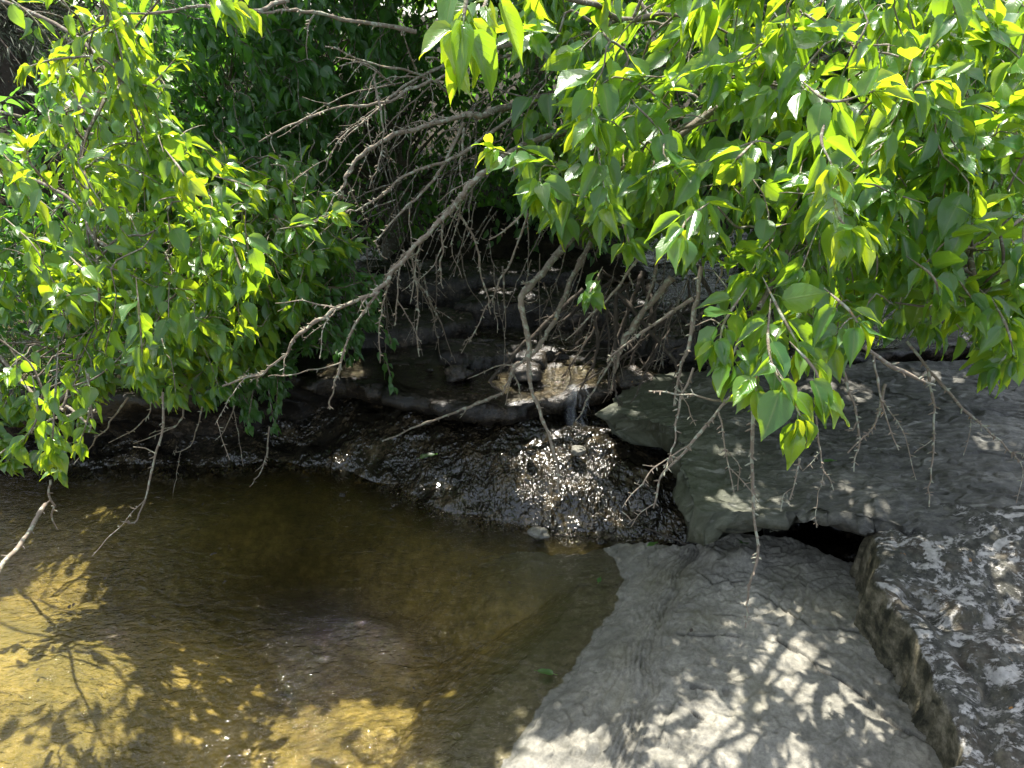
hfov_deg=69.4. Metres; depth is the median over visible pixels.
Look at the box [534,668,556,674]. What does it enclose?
fallen leaf
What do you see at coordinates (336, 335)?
creekside shrub
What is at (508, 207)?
understory shrub
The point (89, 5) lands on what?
background tree
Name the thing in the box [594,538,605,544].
pebble
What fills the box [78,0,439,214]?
background bush
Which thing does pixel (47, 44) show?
background tree
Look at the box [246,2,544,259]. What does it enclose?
understory shrub
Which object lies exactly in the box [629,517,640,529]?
stone
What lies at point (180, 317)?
overhanging tree
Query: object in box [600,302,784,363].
stream rock
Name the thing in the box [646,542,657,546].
fallen leaf
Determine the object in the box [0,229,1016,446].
rock ledge
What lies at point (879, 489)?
rock slab
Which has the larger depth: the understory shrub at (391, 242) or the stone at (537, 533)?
the understory shrub at (391, 242)
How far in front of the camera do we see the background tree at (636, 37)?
8.29 m
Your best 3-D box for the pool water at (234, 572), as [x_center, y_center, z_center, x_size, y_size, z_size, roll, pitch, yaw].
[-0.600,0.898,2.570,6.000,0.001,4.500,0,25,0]
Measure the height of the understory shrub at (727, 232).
2.320 m
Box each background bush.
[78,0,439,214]
[667,0,1023,312]
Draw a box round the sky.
[73,0,825,18]
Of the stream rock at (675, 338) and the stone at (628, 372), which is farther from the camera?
the stream rock at (675, 338)
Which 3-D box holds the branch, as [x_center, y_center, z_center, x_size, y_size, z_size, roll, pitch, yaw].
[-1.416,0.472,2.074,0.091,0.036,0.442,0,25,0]
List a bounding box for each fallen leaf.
[416,453,437,458]
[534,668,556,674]
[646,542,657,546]
[822,459,836,461]
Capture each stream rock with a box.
[283,307,477,353]
[355,256,577,307]
[435,337,569,372]
[454,285,667,329]
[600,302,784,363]
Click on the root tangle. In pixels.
(640, 280)
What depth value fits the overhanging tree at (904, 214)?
1.81 m
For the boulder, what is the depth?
2.23 m
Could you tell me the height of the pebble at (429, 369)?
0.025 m
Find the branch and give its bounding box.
[0,503,46,572]
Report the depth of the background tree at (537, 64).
7.54 m
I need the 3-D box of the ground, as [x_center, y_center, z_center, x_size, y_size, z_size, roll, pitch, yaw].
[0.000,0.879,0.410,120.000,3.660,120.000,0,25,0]
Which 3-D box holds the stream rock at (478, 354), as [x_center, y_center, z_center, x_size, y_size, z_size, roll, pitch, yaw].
[-0.057,-0.060,3.900,0.742,0.332,0.333,0,25,0]
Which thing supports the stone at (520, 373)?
on the rock ledge
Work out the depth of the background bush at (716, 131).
2.98 m
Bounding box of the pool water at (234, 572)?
[0,444,851,765]
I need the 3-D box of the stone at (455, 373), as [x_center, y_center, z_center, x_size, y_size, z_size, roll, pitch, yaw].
[-0.256,-0.053,3.615,0.160,0.091,0.106,0,25,0]
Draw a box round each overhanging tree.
[0,0,370,555]
[128,0,1023,627]
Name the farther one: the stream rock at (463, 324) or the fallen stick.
the stream rock at (463, 324)
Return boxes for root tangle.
[488,266,721,405]
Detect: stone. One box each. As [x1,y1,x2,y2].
[443,365,475,382]
[494,347,511,353]
[508,360,542,384]
[527,526,550,539]
[571,445,585,455]
[615,364,654,389]
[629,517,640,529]
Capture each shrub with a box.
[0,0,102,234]
[0,55,333,417]
[119,192,398,436]
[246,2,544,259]
[369,25,711,266]
[651,8,841,268]
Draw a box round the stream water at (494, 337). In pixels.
[0,237,962,394]
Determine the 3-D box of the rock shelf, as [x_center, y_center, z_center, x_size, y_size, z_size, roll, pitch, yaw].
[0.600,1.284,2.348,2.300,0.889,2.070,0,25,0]
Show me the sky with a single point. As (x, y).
(478, 6)
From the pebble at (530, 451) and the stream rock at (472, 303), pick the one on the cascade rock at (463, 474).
the pebble at (530, 451)
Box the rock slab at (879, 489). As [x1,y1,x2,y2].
[595,357,1023,546]
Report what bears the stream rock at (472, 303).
in the stream water at (494, 337)
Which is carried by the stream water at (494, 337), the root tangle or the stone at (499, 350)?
the stone at (499, 350)
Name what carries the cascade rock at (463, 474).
on the ground
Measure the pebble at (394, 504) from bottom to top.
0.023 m
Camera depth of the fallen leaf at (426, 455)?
3.36 m
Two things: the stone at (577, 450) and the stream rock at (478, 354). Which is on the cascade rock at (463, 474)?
the stone at (577, 450)
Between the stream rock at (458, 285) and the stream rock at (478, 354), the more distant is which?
the stream rock at (458, 285)
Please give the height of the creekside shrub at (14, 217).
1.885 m
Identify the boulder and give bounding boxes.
[849,503,1023,767]
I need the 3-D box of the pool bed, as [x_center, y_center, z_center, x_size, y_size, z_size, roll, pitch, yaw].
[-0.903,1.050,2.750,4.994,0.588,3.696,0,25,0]
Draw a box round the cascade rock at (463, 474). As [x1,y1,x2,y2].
[0,398,864,629]
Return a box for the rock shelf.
[390,533,942,767]
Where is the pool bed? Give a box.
[0,594,440,767]
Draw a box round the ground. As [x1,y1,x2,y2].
[0,6,969,281]
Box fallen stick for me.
[382,392,500,441]
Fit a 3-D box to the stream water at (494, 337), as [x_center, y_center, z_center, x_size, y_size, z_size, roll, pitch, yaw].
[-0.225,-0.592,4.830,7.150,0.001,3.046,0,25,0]
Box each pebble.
[390,502,398,507]
[425,367,433,372]
[525,448,536,454]
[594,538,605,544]
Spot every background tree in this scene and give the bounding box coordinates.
[0,0,176,147]
[48,0,443,124]
[337,0,687,146]
[635,0,838,121]

---

__EXERCISE OBJECTIVE__
Exactly the lines from the one containing "Box each pebble." through the end of the entries above must be output, and no others.

__RESULT BELOW__
Box each pebble.
[390,502,398,507]
[425,367,433,372]
[525,448,536,454]
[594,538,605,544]
Spot every background tree in this scene and give the bounding box coordinates.
[0,0,176,147]
[48,0,443,124]
[337,0,687,146]
[635,0,838,121]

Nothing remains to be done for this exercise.